Records contained in a dataset:
·····
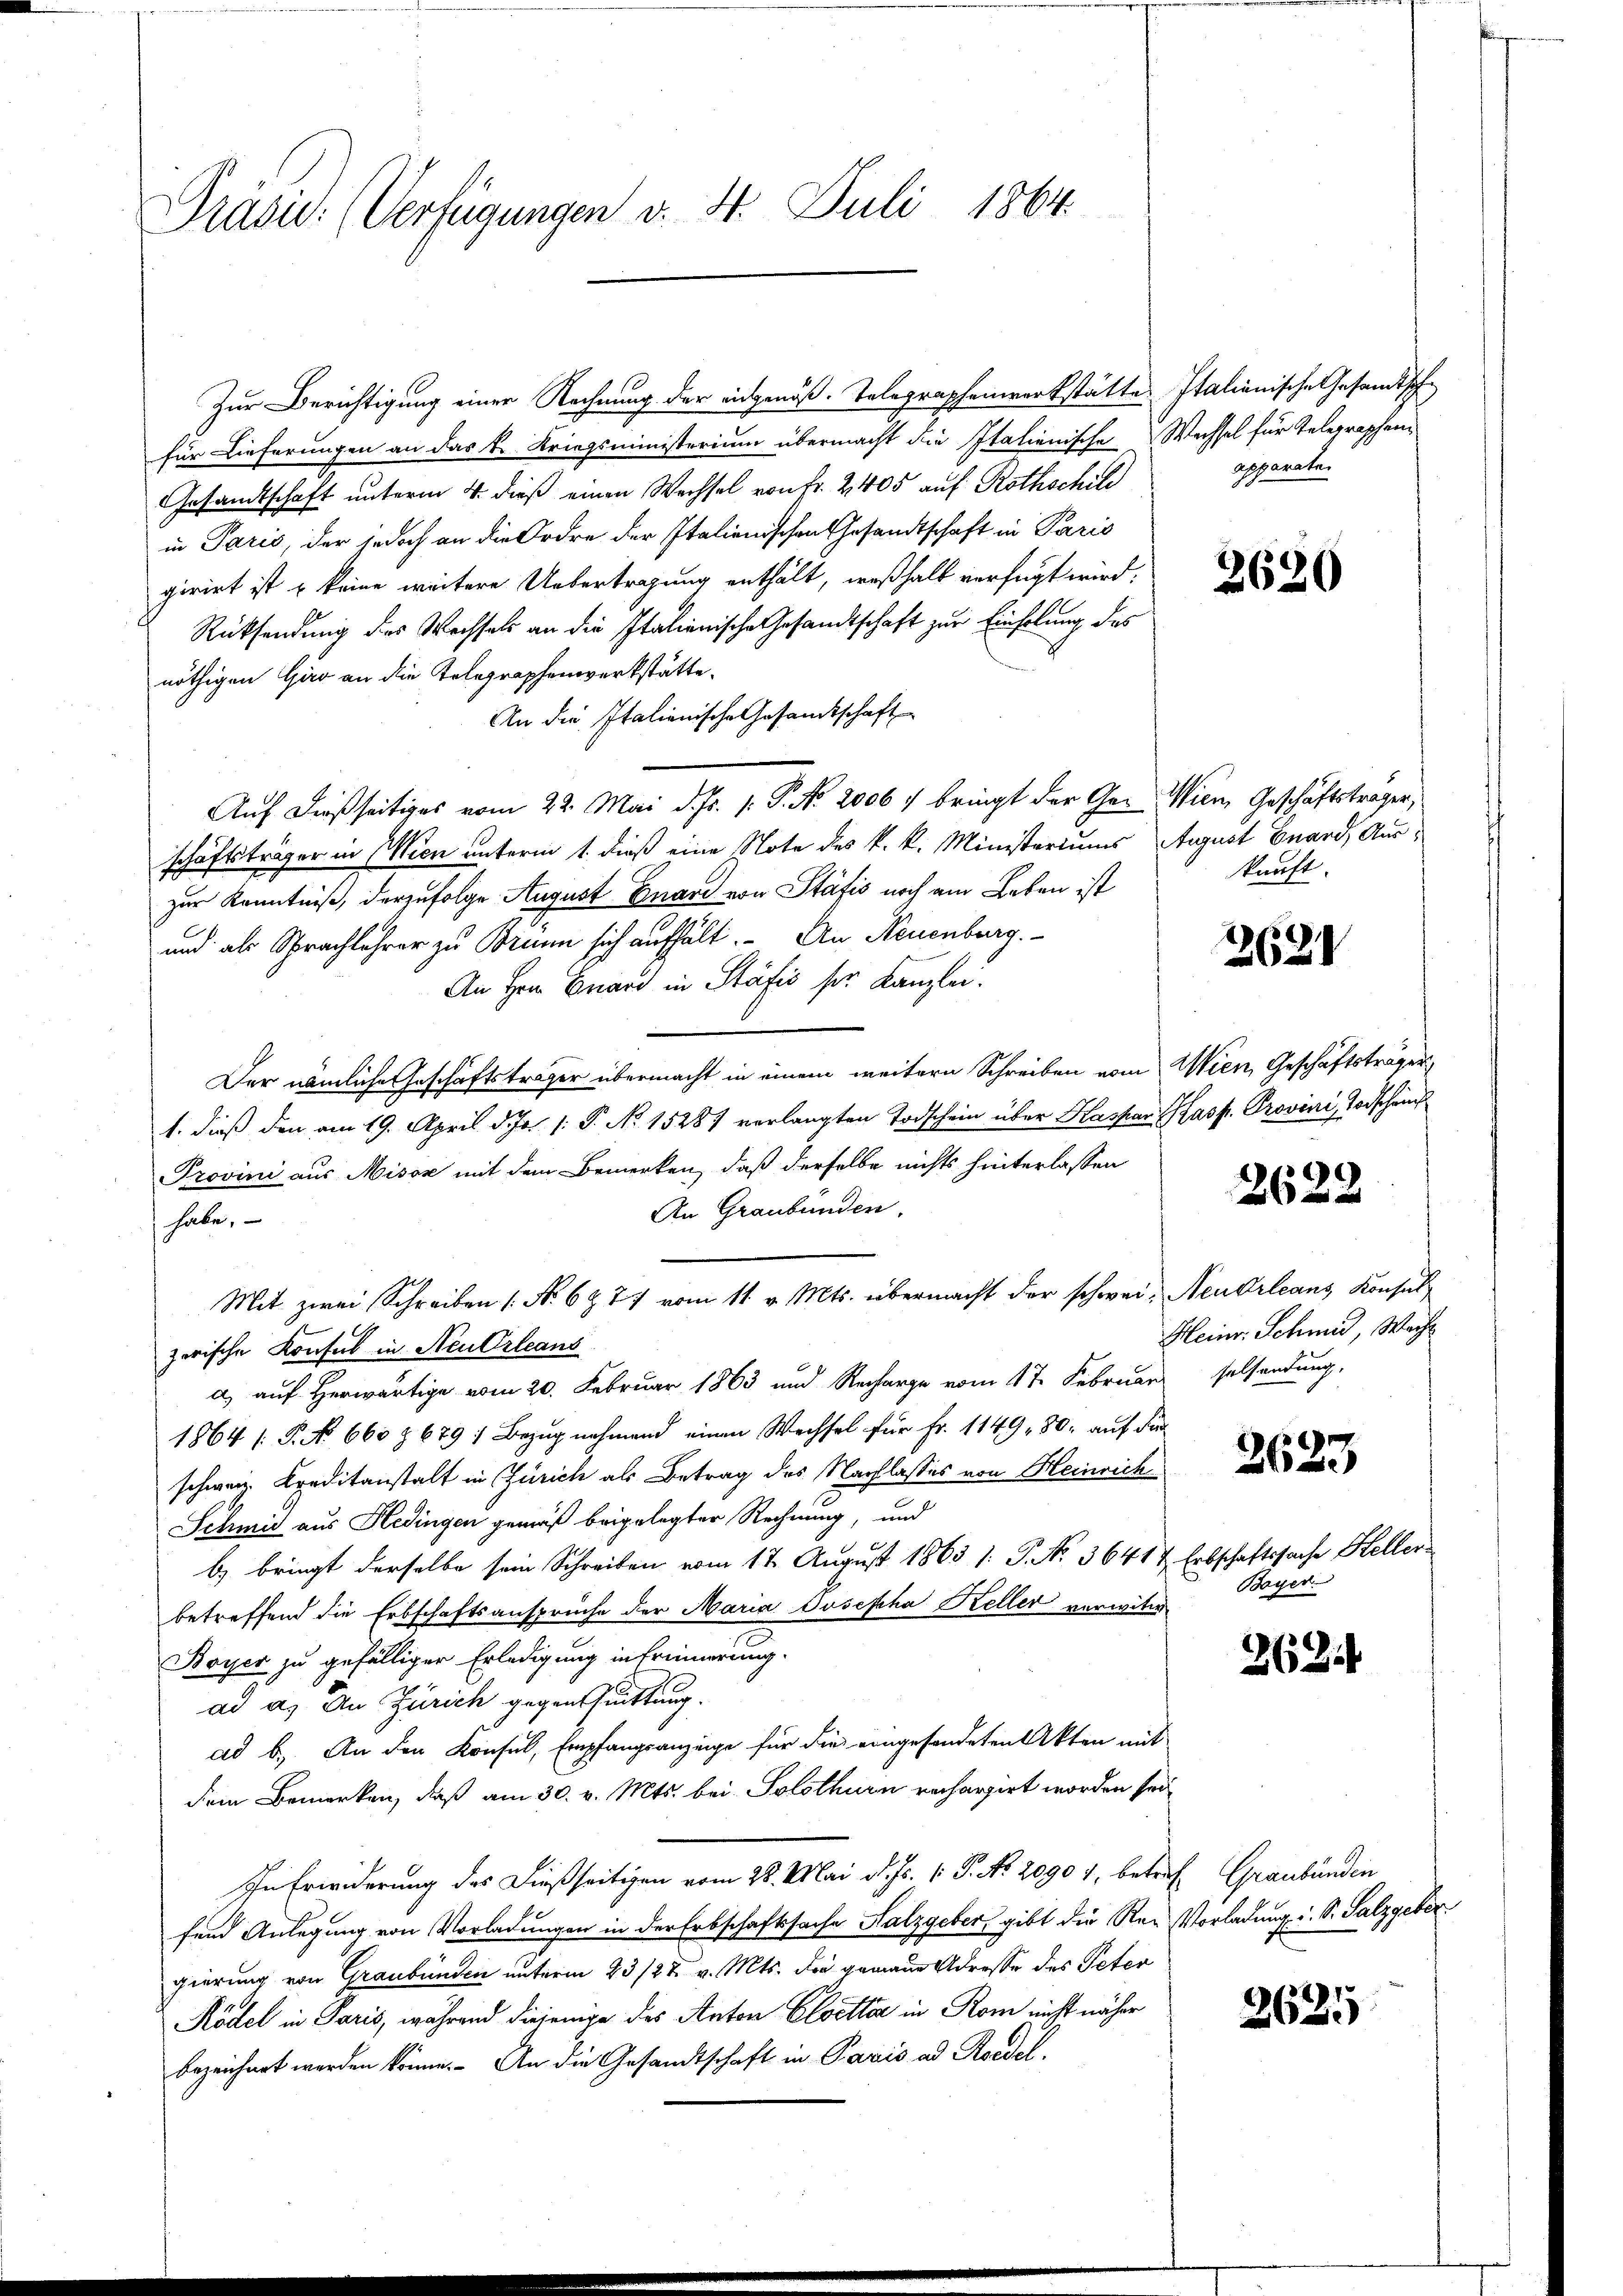
Präsid. (Verfügungen v. 4. Juli 1864.

Zur Berichtigung einer Rechnung der eingenöß-Telegraphenwerkstätte
für Lieferungen an das k. Kriegsministerium übermacht die Italienische Wechsel für Telegraphen
Gesandtschaft unterm 4. dieß einen Wechsel von Fr. 2405 auf Rothschild
in Paris, der jedoch an die Ordre der Italienischen Gesandtschaft in Paris
girirt ist u keine weitere Uebertragung enthält, weßhalb verfügt wird.
Rücksendung des Wechsels an die Italienische Gesandtschaft zur Einholung des
nöthigen Giro an die Telegraphenwerkstätte.
An die Italienische Gesamtschaft
Auf dießseitiges vom 22. Mai d. Js. v. P. No 20067 bringt der Ge- Wien Geschäftsträger,
schäftsträger in Wien unterm 1. dieß eine Note des k. k. Ministeriums August Guard, Auszur Kenntniß, derzufolge August Guard von Stäfis noch am Leben ist
und als Sprachlehrer zu Brünn sich aufhält. An Neuenburg.
An Hern Enard in Stäfić ser Kanzlei.
Der nämliche Geschäftsträger übermacht in einem weitern Schreiben vom
1. dieß den am 19. April d. Js. s. S. No 1528 verlangten Todschein über Kaspar Kasp. Provini, Todschauch
Provini aus Misox mit dem Bemerken, daß derselbe nichts hinterlassen
An Graubünden.
habe.
Mit zwei Schreiben (Nr. 6 & 77 vom 11 v. Mts. übermacht der schwei- Neudrleans Konsul
zerische Konsul in Neu Orleans
a) auf herwärtige vom 20. Februar 1863 und Recharge vom 1te Februar selsendung,
1864 (P. No 660 § 679 : Bezug nehmend einen Wechsel für Fr. 1149. 80. auf die
schweiz. Kreditanstalt in Zürich als Betrag des Nachlasses von Heinrich¬
Schmid aus Hedingen gemäß beigelegter Rechnung, und
b) bringt derselbe sein Schreiben vom 17. August 1863 1: P. No. 36414
betreffend die Erbschaftsansprüche der Maria Josepha Keller verwitw
Boyer zu gefälliger Erledigung in Erinnerung.
ad a. In Zürich gegentuittung.
ad b.) An den Konsul, Empfangsanzeige für die eingesondeten Akten mit
dem Bemerken, daß am 30. v. Mts. bei Solothurn rechargirt worden sei
In Erwiderung des dießseitigen vom 28. Mai d. Js. v. P. No. 2090 7, betrefend Anlegung von Vorladungen in der Erbschaftssache Halzgeber, gibt die Re-
gierung von Graubünden unterm 23/27. v. Mts. die gemaue Adresse des Peter
Rödel in Paris, während diejenige des Anton Elsetter in Rom nicht näher
bezeichnet werden könne. An die Gesandtschaft in Paris ad Roedel.

Italienische Gesandtsche
apparaten

2620

kunft.

2621

Wien, Geschäftsträger

2622

Heinr. Schmid, Wach

2623

Erbschaftssache Heller
Bayer.

2624

Graubünden
Vorladung u. S. Salzgeber

2621
·····
◆ TASK STATEMENT
Write the records above out again exactly, with no pictures in your copy.

◆ OUTPUT OF THE EXERCISE
Präsid. (Verfügungen v. 4. Juli 1864.

Zur Berichtigung einer Rechnung der eingenöß-Telegraphenwerkstätte
für Lieferungen an das k. Kriegsministerium übermacht die Italienische Wechsel für Telegraphen
Gesandtschaft unterm 4. dieß einen Wechsel von Fr. 2405 auf Rothschild
in Paris, der jedoch an die Ordre der Italienischen Gesandtschaft in Paris
girirt ist u keine weitere Uebertragung enthält, weßhalb verfügt wird.
Rücksendung des Wechsels an die Italienische Gesandtschaft zur Einholung des
nöthigen Giro an die Telegraphenwerkstätte.
An die Italienische Gesamtschaft
Auf dießseitiges vom 22. Mai d. Js. v. P. No 20067 bringt der Ge- Wien Geschäftsträger,
schäftsträger in Wien unterm 1. dieß eine Note des k. k. Ministeriums August Guard, Auszur Kenntniß, derzufolge August Guard von Stäfis noch am Leben ist
und als Sprachlehrer zu Brünn sich aufhält. An Neuenburg.
An Hern Enard in Stäfić ser Kanzlei.
Der nämliche Geschäftsträger übermacht in einem weitern Schreiben vom
1. dieß den am 19. April d. Js. s. S. No 1528 verlangten Todschein über Kaspar Kasp. Provini, Todschauch
Provini aus Misox mit dem Bemerken, daß derselbe nichts hinterlassen
An Graubünden.
habe.
Mit zwei Schreiben (Nr. 6 & 77 vom 11 v. Mts. übermacht der schwei- Neudrleans Konsul
zerische Konsul in Neu Orleans
a) auf herwärtige vom 20. Februar 1863 und Recharge vom 1te Februar selsendung,
1864 (P. No 660 § 679 : Bezug nehmend einen Wechsel für Fr. 1149. 80. auf die
schweiz. Kreditanstalt in Zürich als Betrag des Nachlasses von Heinrich¬
Schmid aus Hedingen gemäß beigelegter Rechnung, und
b) bringt derselbe sein Schreiben vom 17. August 1863 1: P. No. 36414
betreffend die Erbschaftsansprüche der Maria Josepha Keller verwitw
Boyer zu gefälliger Erledigung in Erinnerung.
ad a. In Zürich gegentuittung.
ad b.) An den Konsul, Empfangsanzeige für die eingesondeten Akten mit
dem Bemerken, daß am 30. v. Mts. bei Solothurn rechargirt worden sei
In Erwiderung des dießseitigen vom 28. Mai d. Js. v. P. No. 2090 7, betrefend Anlegung von Vorladungen in der Erbschaftssache Halzgeber, gibt die Re-
gierung von Graubünden unterm 23/27. v. Mts. die gemaue Adresse des Peter
Rödel in Paris, während diejenige des Anton Elsetter in Rom nicht näher
bezeichnet werden könne. An die Gesandtschaft in Paris ad Roedel.

Italienische Gesandtsche
apparaten

2620

kunft.

2621

Wien, Geschäftsträger

2622

Heinr. Schmid, Wach

2623

Erbschaftssache Heller
Bayer.

2624

Graubünden
Vorladung u. S. Salzgeber

2621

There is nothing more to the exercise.